#### TASK PROMPT:
Extract each line of the data below exactly as written.

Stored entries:

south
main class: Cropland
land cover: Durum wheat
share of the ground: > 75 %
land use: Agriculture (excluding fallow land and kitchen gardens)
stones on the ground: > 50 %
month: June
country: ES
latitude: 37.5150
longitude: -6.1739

#### ANSWER TO THE EXERCISE:
south
main class: Cropland
land cover: Durum wheat
share of the ground: > 75 %
land use: Agriculture (excluding fallow land and kitchen gardens)
stones on the ground: > 50 %
month: June
country: ES
latitude: 37.5150
longitude: -6.1739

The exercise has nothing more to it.